[What you will do]: Repeat the entries shown below with every word and mark intact.
○ ○ ○ ○
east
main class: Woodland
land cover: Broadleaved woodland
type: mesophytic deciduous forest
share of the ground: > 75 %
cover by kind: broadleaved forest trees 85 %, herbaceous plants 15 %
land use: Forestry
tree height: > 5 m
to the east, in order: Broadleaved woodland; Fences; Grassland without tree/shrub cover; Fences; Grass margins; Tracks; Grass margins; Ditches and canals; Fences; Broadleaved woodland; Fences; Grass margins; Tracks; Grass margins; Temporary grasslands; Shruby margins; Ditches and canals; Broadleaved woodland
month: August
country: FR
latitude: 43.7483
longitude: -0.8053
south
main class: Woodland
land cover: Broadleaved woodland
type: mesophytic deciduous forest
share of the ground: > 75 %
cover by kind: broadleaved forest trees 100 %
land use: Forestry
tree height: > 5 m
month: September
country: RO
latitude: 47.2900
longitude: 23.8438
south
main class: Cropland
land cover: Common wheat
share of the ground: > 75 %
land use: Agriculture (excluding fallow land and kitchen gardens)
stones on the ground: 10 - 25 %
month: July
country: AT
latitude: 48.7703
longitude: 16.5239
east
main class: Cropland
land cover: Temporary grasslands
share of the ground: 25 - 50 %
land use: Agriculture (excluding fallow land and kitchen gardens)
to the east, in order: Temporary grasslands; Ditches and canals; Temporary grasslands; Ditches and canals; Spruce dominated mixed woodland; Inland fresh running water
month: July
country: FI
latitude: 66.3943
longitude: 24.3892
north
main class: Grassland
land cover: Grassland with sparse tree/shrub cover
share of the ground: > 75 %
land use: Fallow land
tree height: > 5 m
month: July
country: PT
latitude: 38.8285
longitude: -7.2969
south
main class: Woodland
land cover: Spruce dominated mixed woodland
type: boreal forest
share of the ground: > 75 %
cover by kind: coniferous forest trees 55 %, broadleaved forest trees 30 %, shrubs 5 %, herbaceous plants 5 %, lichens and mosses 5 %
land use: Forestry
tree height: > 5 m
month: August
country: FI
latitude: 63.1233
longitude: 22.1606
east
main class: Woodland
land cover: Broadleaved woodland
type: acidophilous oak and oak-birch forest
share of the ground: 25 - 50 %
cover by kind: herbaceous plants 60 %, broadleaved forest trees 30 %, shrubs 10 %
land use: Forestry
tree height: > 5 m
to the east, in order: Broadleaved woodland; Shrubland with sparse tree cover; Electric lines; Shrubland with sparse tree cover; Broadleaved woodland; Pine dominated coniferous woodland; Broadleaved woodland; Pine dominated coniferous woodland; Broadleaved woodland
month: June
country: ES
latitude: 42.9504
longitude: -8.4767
○ ○ ○ ○
[Response box]:
east
main class: Woodland
land cover: Broadleaved woodland
type: mesophytic deciduous forest
share of the ground: > 75 %
cover by kind: broadleaved forest trees 85 %, herbaceous plants 15 %
land use: Forestry
tree height: > 5 m
to the east, in order: Broadleaved woodland; Fences; Grassland without tree/shrub cover; Fences; Grass margins; Tracks; Grass margins; Ditches and canals; Fences; Broadleaved woodland; Fences; Grass margins; Tracks; Grass margins; Temporary grasslands; Shruby margins; Ditches and canals; Broadleaved woodland
month: August
country: FR
latitude: 43.7483
longitude: -0.8053
south
main class: Woodland
land cover: Broadleaved woodland
type: mesophytic deciduous forest
share of the ground: > 75 %
cover by kind: broadleaved forest trees 100 %
land use: Forestry
tree height: > 5 m
month: September
country: RO
latitude: 47.2900
longitude: 23.8438
south
main class: Cropland
land cover: Common wheat
share of the ground: > 75 %
land use: Agriculture (excluding fallow land and kitchen gardens)
stones on the ground: 10 - 25 %
month: July
country: AT
latitude: 48.7703
longitude: 16.5239
east
main class: Cropland
land cover: Temporary grasslands
share of the ground: 25 - 50 %
land use: Agriculture (excluding fallow land and kitchen gardens)
to the east, in order: Temporary grasslands; Ditches and canals; Temporary grasslands; Ditches and canals; Spruce dominated mixed woodland; Inland fresh running water
month: July
country: FI
latitude: 66.3943
longitude: 24.3892
north
main class: Grassland
land cover: Grassland with sparse tree/shrub cover
share of the ground: > 75 %
land use: Fallow land
tree height: > 5 m
month: July
country: PT
latitude: 38.8285
longitude: -7.2969
south
main class: Woodland
land cover: Spruce dominated mixed woodland
type: boreal forest
share of the ground: > 75 %
cover by kind: coniferous forest trees 55 %, broadleaved forest trees 30 %, shrubs 5 %, herbaceous plants 5 %, lichens and mosses 5 %
land use: Forestry
tree height: > 5 m
month: August
country: FI
latitude: 63.1233
longitude: 22.1606
east
main class: Woodland
land cover: Broadleaved woodland
type: acidophilous oak and oak-birch forest
share of the ground: 25 - 50 %
cover by kind: herbaceous plants 60 %, broadleaved forest trees 30 %, shrubs 10 %
land use: Forestry
tree height: > 5 m
to the east, in order: Broadleaved woodland; Shrubland with sparse tree cover; Electric lines; Shrubland with sparse tree cover; Broadleaved woodland; Pine dominated coniferous woodland; Broadleaved woodland; Pine dominated coniferous woodland; Broadleaved woodland
month: June
country: ES
latitude: 42.9504
longitude: -8.4767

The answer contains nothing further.